Another solid option is Samsung’s Galaxy Buds Pro ($389). I easily achieved a secure fit, and the noise cancellation was solid. The shiny design might not be to your taste, but the bean shape fits snugger in the ear than you might assume, and the charging case is small and convenient.
But I found the Buds Pro tips had to sit very deep in my ear, and they were uncomfortable after a couple of hours of continuous use. They have an IPX7 rating which makes them waterproof unlike any of the other sets I tested, but all of them are fine to withstand exercise sweat and, so far, light rain.
The Buds Pro’s audio quality isn’t as pleasing as the fullness of the Bose, both pairs of Sony, and the Jabra Elite 75t ($199).
Jabra is not as well-known a brand but the noise cancellation and rich bass of the tiny 75t buds are very impressive, and the app gives you granular control over the sound and ANC. A downside is the physical buttons mean you push the bud painfully into your ear at times but at the now-reduced price of $199 they are a bit of a steal (I’ve not tested the newer 85t model).
As with AirPods and Apple, the Samsung buds are most recommendable to Samsung phone owners as they integrate better.

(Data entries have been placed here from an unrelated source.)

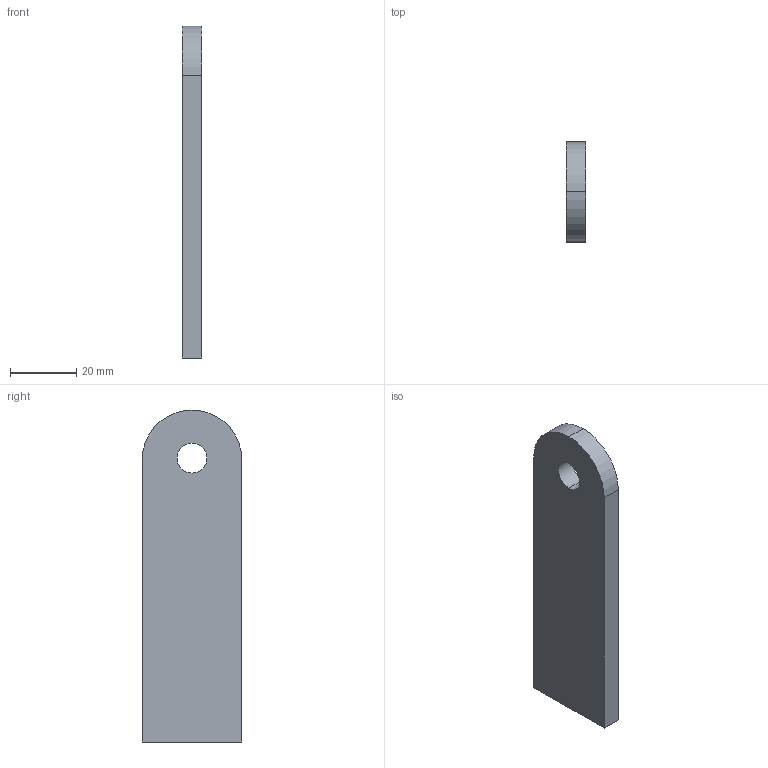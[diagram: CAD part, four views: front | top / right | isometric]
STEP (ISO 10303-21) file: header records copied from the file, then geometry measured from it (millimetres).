
FILE_DESCRIPTION (( 'STEP AP203' ), '1' );
FILE_NAME ('54112-ST-RL.step', '2019-02-20T13:30:07', ( '' ), ( '' ), 'SwSTEP 2.0', 'SolidWorks 2015', '' );
FILE_SCHEMA (( 'CONFIG_CONTROL_DESIGN' ));
Length unit declared in the file: millimetre
Products named in the file (1): 54112-ST-RL
Bounding box: 6 x 30 x 100 mm (x, y, z)
Volume: 17038.7 mm3; surface area: 7337.7 mm2
Topology: 1 solids, 1 shells, 241 faces, 645 edges, 430 vertices
Faces by surface type: plane 155, bspline 82, cylinder 4
Entity records: 11532 total; most frequent: CARTESIAN_POINT 5975, ORIENTED_EDGE 1290, DIRECTION 809, EDGE_CURVE 645, VECTOR 473, LINE 473, VERTEX_POINT 430, EDGE_LOOP 267
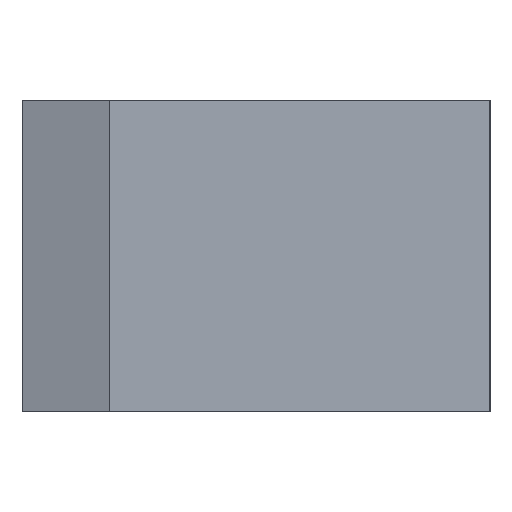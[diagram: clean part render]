
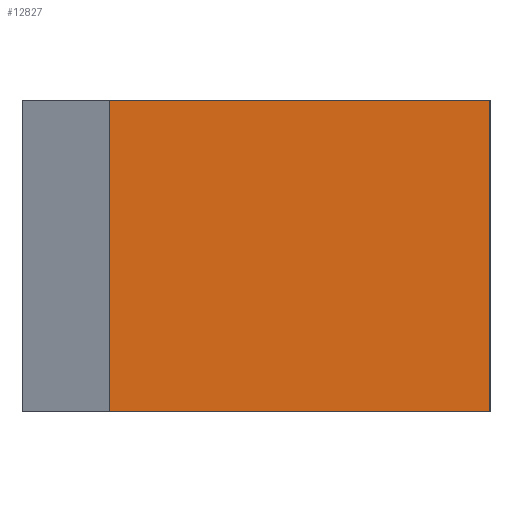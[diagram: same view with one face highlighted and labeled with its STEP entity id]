
A CAD part, left-side view. The second image highlights one B-rep face of the part: STEP entity #12827.
In plain terms, the highlighted planar face has unit normal (-1, 0, 0).
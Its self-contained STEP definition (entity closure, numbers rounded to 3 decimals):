
#24=ORIENTED_EDGE('',*,*,#3864,.T.);
#25=ORIENTED_EDGE('',*,*,#3865,.F.);
#26=ORIENTED_EDGE('',*,*,#3866,.F.);
#27=ORIENTED_EDGE('',*,*,#3861,.T.);
#3861=EDGE_CURVE('',#5782,#5781,#7061,.T.);
#3864=EDGE_CURVE('',#5781,#5784,#7064,.T.);
#3865=EDGE_CURVE('',#5785,#5784,#7065,.T.);
#3866=EDGE_CURVE('',#5782,#5785,#7066,.T.);
#5781=VERTEX_POINT('',#17333);
#5782=VERTEX_POINT('',#17335);
#5784=VERTEX_POINT('',#17341);
#5785=VERTEX_POINT('',#17343);
#7061=LINE('',#17334,#8981);
#7064=LINE('',#17340,#8984);
#7065=LINE('',#17342,#8985);
#7066=LINE('',#17344,#8986);
#8981=VECTOR('',#14128,1000.);
#8984=VECTOR('',#14133,1000.);
#8985=VECTOR('',#14134,1000.);
#8986=VECTOR('',#14135,1000.);
#10901=EDGE_LOOP('',(#24,#25,#26,#27));
#11543=FACE_BOUND('',#10901,.T.);
#12185=PLANE('',#13482);
#12827=ADVANCED_FACE('',(#11543),#12185,.F.);
#13482=AXIS2_PLACEMENT_3D('',#17339,#14131,#14132);
#14128=DIRECTION('',(0.,0.,-1.));
#14131=DIRECTION('',(1.,0.,0.));
#14132=DIRECTION('',(0.,0.,-1.));
#14133=DIRECTION('',(0.,-1.,0.));
#14134=DIRECTION('',(0.,0.,-1.));
#14135=DIRECTION('',(0.,-1.,0.));
#17333=CARTESIAN_POINT('',(0.,4.875,-2.));
#17334=CARTESIAN_POINT('',(0.,4.875,2.));
#17335=CARTESIAN_POINT('',(0.,4.875,2.));
#17339=CARTESIAN_POINT('',(0.,4.875,2.));
#17340=CARTESIAN_POINT('',(0.,4.875,-2.));
#17341=CARTESIAN_POINT('',(0.,0.,-2.));
#17342=CARTESIAN_POINT('',(0.,0.,2.));
#17343=CARTESIAN_POINT('',(0.,0.,2.));
#17344=CARTESIAN_POINT('',(0.,4.875,2.));
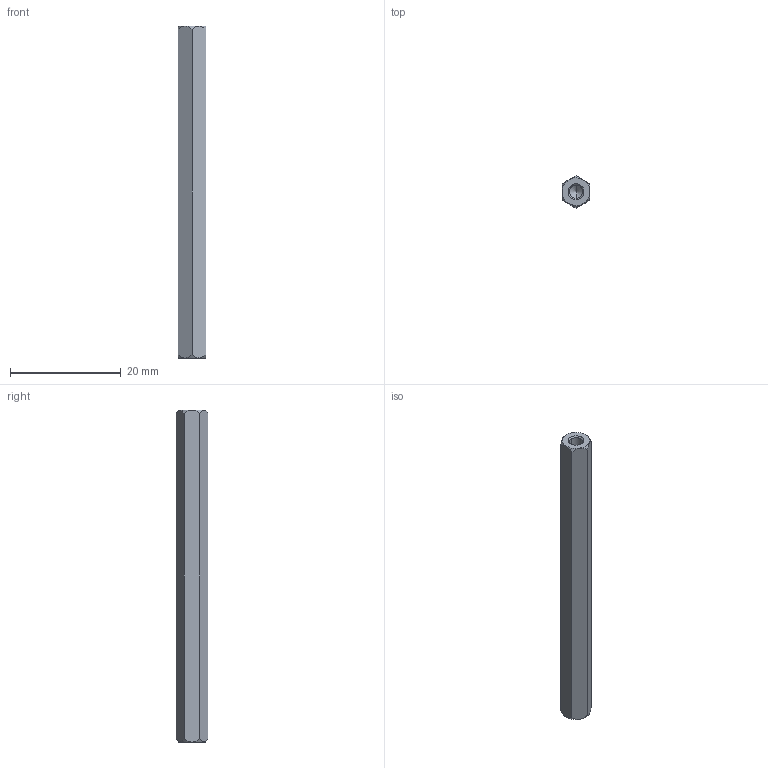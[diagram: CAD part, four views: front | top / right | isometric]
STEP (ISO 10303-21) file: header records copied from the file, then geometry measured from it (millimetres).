
FILE_DESCRIPTION(/* description */ (''),/* implementation_level */ '2;1');
FILE_NAME(/* name */ 'HE4C92~1',/* time_stamp */ '2015-10-27T19:36:37+01:00',/* author */ (''),/* organization */ (''),/* preprocessor_version */ 'ST-DEVELOPER v14',/* originating_system */ '',/* authorisation */ '');
FILE_SCHEMA (('AUTOMOTIVE_DESIGN'));
Length unit declared in the file: millimetre
Products named in the file (1): Document
Bounding box: 5 x 5.77 x 60 mm (x, y, z)
Volume: 1203.8 mm3; surface area: 1230.2 mm2
Topology: 1 solids, 1 shells, 32 faces, 70 edges, 38 vertices
Faces by surface type: bspline 24, plane 8
Entity records: 1172 total; most frequent: CARTESIAN_POINT 740, ORIENTED_EDGE 132, EDGE_CURVE 66, B_SPLINE_CURVE_WITH_KNOTS 38, VERTEX_POINT 38, EDGE_LOOP 34, ADVANCED_FACE 32, FACE_OUTER_BOUND 32
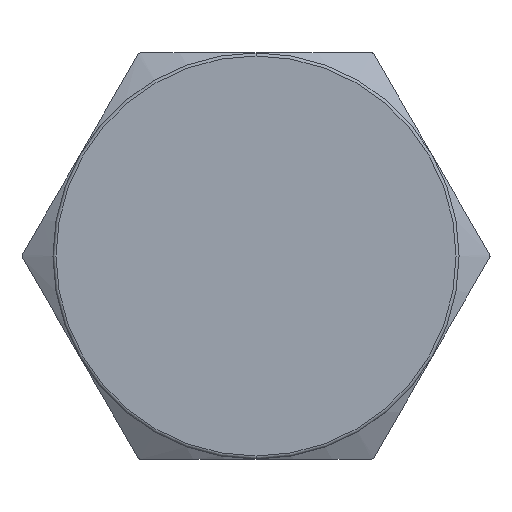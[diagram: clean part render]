
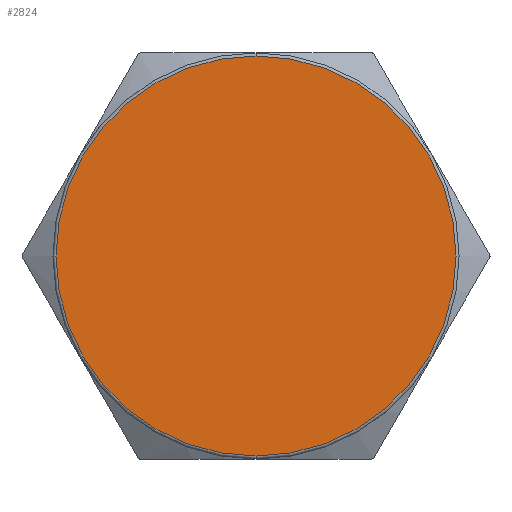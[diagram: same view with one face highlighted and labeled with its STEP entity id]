
A CAD part, left-side view. The second image highlights one B-rep face of the part: STEP entity #2824.
In plain terms, the highlighted planar face has unit normal (-1, 0, 0).
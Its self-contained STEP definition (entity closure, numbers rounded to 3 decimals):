
#541=CARTESIAN_POINT('',(-1.5,0.,0.));
#542=DIRECTION('',(-1.,0.,0.));
#543=DIRECTION('',(0.,0.,1.));
#544=AXIS2_PLACEMENT_3D('',#541,#542,#543);
#546=CARTESIAN_POINT('',(-1.5,0.,0.));
#547=DIRECTION('',(-1.,0.,0.));
#548=DIRECTION('',(0.,0.,-1.));
#549=AXIS2_PLACEMENT_3D('',#546,#547,#548);
#2354=CARTESIAN_POINT('',(-1.5,0.,13.25));
#2355=CARTESIAN_POINT('',(-1.5,0.,-13.25));
#2356=VERTEX_POINT('',#2354);
#2357=VERTEX_POINT('',#2355);
#2814=CARTESIAN_POINT('',(-1.5,0.,0.));
#2815=DIRECTION('',(1.,0.,0.));
#2816=DIRECTION('',(0.,1.,0.));
#2817=AXIS2_PLACEMENT_3D('',#2814,#2815,#2816);
#2818=PLANE('',#2817);
#2820=ORIENTED_EDGE('',*,*,#2819,.F.);
#2821=ORIENTED_EDGE('',*,*,#2804,.F.);
#2822=EDGE_LOOP('',(#2820,#2821));
#2823=FACE_OUTER_BOUND('',#2822,.F.);
#545=CIRCLE('',#544,13.25);
#550=CIRCLE('',#549,13.25);
#2804=EDGE_CURVE('',#2357,#2356,#550,.T.);
#2819=EDGE_CURVE('',#2356,#2357,#545,.T.);
#2824=ADVANCED_FACE('',(#2823),#2818,.F.);
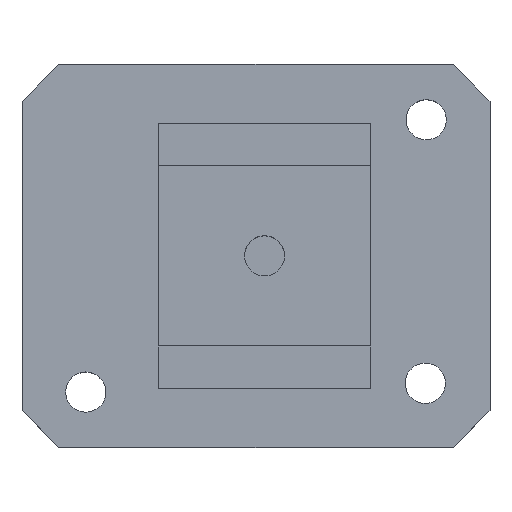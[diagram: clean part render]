
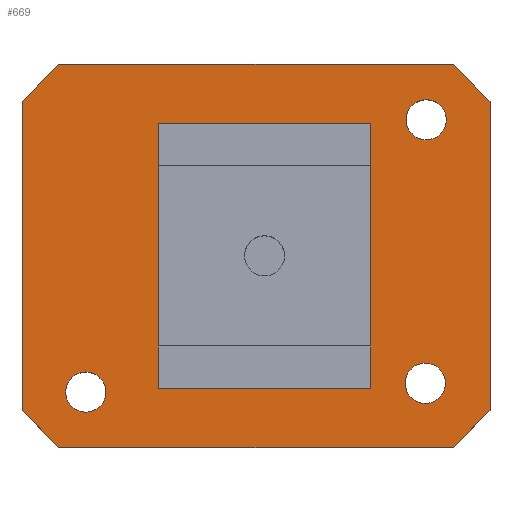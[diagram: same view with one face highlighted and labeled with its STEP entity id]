
A CAD part, top view. The second image highlights one B-rep face of the part: STEP entity #669.
In plain terms, the highlighted planar face has unit normal (0, 0, 1).
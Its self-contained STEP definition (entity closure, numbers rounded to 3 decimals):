
#104=CARTESIAN_POINT('',(-5.334,-4.064,1.65));
#105=DIRECTION('',(0.,0.,1.));
#106=DIRECTION('',(1.,0.,0.));
#107=AXIS2_PLACEMENT_3D('',#104,#105,#106);
#109=CARTESIAN_POINT('',(-5.334,-4.064,1.65));
#110=DIRECTION('',(0.,0.,1.));
#111=DIRECTION('',(-1.,0.,0.));
#112=AXIS2_PLACEMENT_3D('',#109,#110,#111);
#114=CARTESIAN_POINT('',(4.826,4.064,1.65));
#115=DIRECTION('',(0.,0.,-1.));
#116=DIRECTION('',(-1.,0.,0.));
#117=AXIS2_PLACEMENT_3D('',#114,#115,#116);
#119=CARTESIAN_POINT('',(4.826,4.064,1.65));
#120=DIRECTION('',(0.,0.,-1.));
#121=DIRECTION('',(1.,0.,0.));
#122=AXIS2_PLACEMENT_3D('',#119,#120,#121);
#124=CARTESIAN_POINT('',(4.8,-3.8,1.65));
#125=DIRECTION('',(0.,0.,-1.));
#126=DIRECTION('',(-1.,0.,0.));
#127=AXIS2_PLACEMENT_3D('',#124,#125,#126);
#129=CARTESIAN_POINT('',(4.8,-3.8,1.65));
#130=DIRECTION('',(0.,0.,-1.));
#131=DIRECTION('',(1.,0.,0.));
#132=AXIS2_PLACEMENT_3D('',#129,#130,#131);
#134=DIRECTION('',(-0.707,0.707,0.));
#135=VECTOR('',#134,1.556);
#136=CARTESIAN_POINT('',(6.731,4.615,1.65));
#137=LINE('',#136,#135);
#138=DIRECTION('',(0.,1.,0.));
#139=VECTOR('',#138,9.23);
#140=CARTESIAN_POINT('',(6.731,-4.615,1.65));
#141=LINE('',#140,#139);
#142=DIRECTION('',(0.707,0.707,0.));
#143=VECTOR('',#142,1.556);
#144=CARTESIAN_POINT('',(5.631,-5.715,1.65));
#145=LINE('',#144,#143);
#146=DIRECTION('',(1.,0.,0.));
#147=VECTOR('',#146,11.77);
#148=CARTESIAN_POINT('',(-6.139,-5.715,1.65));
#149=LINE('',#148,#147);
#150=DIRECTION('',(0.707,-0.707,0.));
#151=VECTOR('',#150,1.556);
#152=CARTESIAN_POINT('',(-7.239,-4.615,1.65));
#153=LINE('',#152,#151);
#154=DIRECTION('',(0.,-1.,0.));
#155=VECTOR('',#154,9.23);
#156=CARTESIAN_POINT('',(-7.239,4.615,1.65));
#157=LINE('',#156,#155);
#158=DIRECTION('',(-0.707,-0.707,0.));
#159=VECTOR('',#158,1.556);
#160=CARTESIAN_POINT('',(-6.139,5.715,1.65));
#161=LINE('',#160,#159);
#162=DIRECTION('',(-1.,0.,0.));
#163=VECTOR('',#162,11.77);
#164=CARTESIAN_POINT('',(5.631,5.715,1.65));
#165=LINE('',#164,#163);
#166=DIRECTION('',(-1.,0.,0.));
#167=VECTOR('',#166,6.33);
#168=CARTESIAN_POINT('',(3.165,3.95,1.65));
#169=LINE('',#168,#167);
#170=DIRECTION('',(1.,0.,0.));
#171=VECTOR('',#170,6.33);
#172=CARTESIAN_POINT('',(-3.165,-3.95,1.65));
#173=LINE('',#172,#171);
#222=DIRECTION('',(0.,-1.,0.));
#223=VECTOR('',#222,7.9);
#224=CARTESIAN_POINT('',(3.165,3.95,1.65));
#225=LINE('',#224,#223);
#274=DIRECTION('',(0.,1.,0.));
#275=VECTOR('',#274,7.9);
#276=CARTESIAN_POINT('',(-3.165,-3.95,1.65));
#277=LINE('',#276,#275);
#403=CARTESIAN_POINT('',(-4.734,-4.064,1.65));
#405=VERTEX_POINT('',#403);
#407=CARTESIAN_POINT('',(-5.934,-4.064,1.65));
#409=VERTEX_POINT('',#407);
#414=CARTESIAN_POINT('',(4.226,4.064,1.65));
#415=CARTESIAN_POINT('',(5.426,4.064,1.65));
#416=VERTEX_POINT('',#414);
#417=VERTEX_POINT('',#415);
#422=CARTESIAN_POINT('',(6.731,4.615,1.65));
#423=VERTEX_POINT('',#422);
#424=CARTESIAN_POINT('',(5.631,5.715,1.65));
#425=VERTEX_POINT('',#424);
#430=CARTESIAN_POINT('',(5.631,-5.715,1.65));
#431=VERTEX_POINT('',#430);
#432=CARTESIAN_POINT('',(6.731,-4.615,1.65));
#433=VERTEX_POINT('',#432);
#438=CARTESIAN_POINT('',(-7.239,-4.615,1.65));
#439=VERTEX_POINT('',#438);
#440=CARTESIAN_POINT('',(-6.139,-5.715,1.65));
#441=VERTEX_POINT('',#440);
#446=CARTESIAN_POINT('',(-6.139,5.715,1.65));
#447=VERTEX_POINT('',#446);
#448=CARTESIAN_POINT('',(-7.239,4.615,1.65));
#449=VERTEX_POINT('',#448);
#454=CARTESIAN_POINT('',(4.2,-3.8,1.65));
#455=CARTESIAN_POINT('',(5.4,-3.8,1.65));
#456=VERTEX_POINT('',#454);
#457=VERTEX_POINT('',#455);
#474=CARTESIAN_POINT('',(3.165,3.95,1.65));
#475=CARTESIAN_POINT('',(-3.165,3.95,1.65));
#476=VERTEX_POINT('',#474);
#477=VERTEX_POINT('',#475);
#478=CARTESIAN_POINT('',(-3.165,-3.95,1.65));
#479=CARTESIAN_POINT('',(3.165,-3.95,1.65));
#480=VERTEX_POINT('',#478);
#481=VERTEX_POINT('',#479);
#620=CARTESIAN_POINT('',(0.,0.,1.65));
#621=DIRECTION('',(0.,0.,1.));
#622=DIRECTION('',(1.,0.,0.));
#623=AXIS2_PLACEMENT_3D('',#620,#621,#622);
#624=PLANE('',#623);
#626=ORIENTED_EDGE('',*,*,#625,.F.);
#628=ORIENTED_EDGE('',*,*,#627,.F.);
#630=ORIENTED_EDGE('',*,*,#629,.F.);
#632=ORIENTED_EDGE('',*,*,#631,.F.);
#634=ORIENTED_EDGE('',*,*,#633,.F.);
#636=ORIENTED_EDGE('',*,*,#635,.F.);
#638=ORIENTED_EDGE('',*,*,#637,.F.);
#640=ORIENTED_EDGE('',*,*,#639,.F.);
#641=EDGE_LOOP('',(#626,#628,#630,#632,#634,#636,#638,#640));
#642=FACE_OUTER_BOUND('',#641,.F.);
#644=ORIENTED_EDGE('',*,*,#643,.F.);
#646=ORIENTED_EDGE('',*,*,#645,.F.);
#647=EDGE_LOOP('',(#644,#646));
#648=FACE_BOUND('',#647,.F.);
#650=ORIENTED_EDGE('',*,*,#649,.F.);
#652=ORIENTED_EDGE('',*,*,#651,.F.);
#653=EDGE_LOOP('',(#650,#652));
#654=FACE_BOUND('',#653,.F.);
#655=ORIENTED_EDGE('',*,*,#602,.T.);
#656=ORIENTED_EDGE('',*,*,#613,.T.);
#657=EDGE_LOOP('',(#655,#656));
#658=FACE_BOUND('',#657,.F.);
#660=ORIENTED_EDGE('',*,*,#659,.F.);
#662=ORIENTED_EDGE('',*,*,#661,.T.);
#664=ORIENTED_EDGE('',*,*,#663,.F.);
#666=ORIENTED_EDGE('',*,*,#665,.T.);
#667=EDGE_LOOP('',(#660,#662,#664,#666));
#668=FACE_BOUND('',#667,.F.);
#669=ADVANCED_FACE('',(#642,#648,#654,#658,#668),#624,.T.);
#108=CIRCLE('',#107,0.6);
#113=CIRCLE('',#112,0.6);
#118=CIRCLE('',#117,0.6);
#123=CIRCLE('',#122,0.6);
#128=CIRCLE('',#127,0.6);
#133=CIRCLE('',#132,0.6);
#602=EDGE_CURVE('',#405,#409,#108,.T.);
#613=EDGE_CURVE('',#409,#405,#113,.T.);
#625=EDGE_CURVE('',#423,#425,#137,.T.);
#627=EDGE_CURVE('',#433,#423,#141,.T.);
#629=EDGE_CURVE('',#431,#433,#145,.T.);
#631=EDGE_CURVE('',#441,#431,#149,.T.);
#633=EDGE_CURVE('',#439,#441,#153,.T.);
#635=EDGE_CURVE('',#449,#439,#157,.T.);
#637=EDGE_CURVE('',#447,#449,#161,.T.);
#639=EDGE_CURVE('',#425,#447,#165,.T.);
#643=EDGE_CURVE('',#416,#417,#118,.T.);
#645=EDGE_CURVE('',#417,#416,#123,.T.);
#649=EDGE_CURVE('',#456,#457,#128,.T.);
#651=EDGE_CURVE('',#457,#456,#133,.T.);
#659=EDGE_CURVE('',#476,#481,#225,.T.);
#661=EDGE_CURVE('',#476,#477,#169,.T.);
#663=EDGE_CURVE('',#480,#477,#277,.T.);
#665=EDGE_CURVE('',#480,#481,#173,.T.);

You have to install two apps on other Android phones to unlock all the software features, which is not exactly user-friendly.
I also got a sneak peek of the unreleased Huawei FreeBuds 4 ($TBC, £130) which will be released in August in NZ. The distinctive silver pair I tested take their design cues from the original AirPods and sit in the ear rather than forming a tight seal with a silicon tip like every other bud in this article.
The FreeBuds are one of the few ‘open’ style buds to attempt ANC. Here, it doesn’t block out all sound, but I found it did take the edge off outside noise and make them great buds for phone calls. Audio quality for music is decent, but not as good or as immersive as most of the other buds.
Each pair of buds has a manufacturer-estimated battery life, with additional full charges from the carrying case in each instance. It’s not worth me listing all the individual claims because I found I never ran out of juice when testing any of them, though I don’t tend to sit with headphones in and playing for more than an hour or so at a time.
If you plug in any of these buds in their case to charge once a week, you’ll last several days between charges in my experience.
The AirPods Pro, Galaxy Buds Pro, Sony WF-1000XM4, Oppo Enco X, and Bose QuietComfort all have wireless charging cases for added convenience.
Overall, I gravitate to the AirPods Pro because of the ease of use with Apple gadgets and the fact that of all the buds I tested, they are the most comfortable. They also work perfectly well with an Android phone or a Windows PC, like all the products here.
But the best all-rounder is the Bose QuietComfort Earbuds with superb sound, fit, and the best ANC. I also recommend the older, cheaper Sony buds given my personal fit issues with the newer headset.
The Bose or the Powerbeats Pro are best if you have trouble with in-ear fit, as they are the only two pairs that have wing tips or hooks to better find a secure fit.
If you’ve read this far and you’re still not sure, I’d suggest you’re better off with over-ear headphones.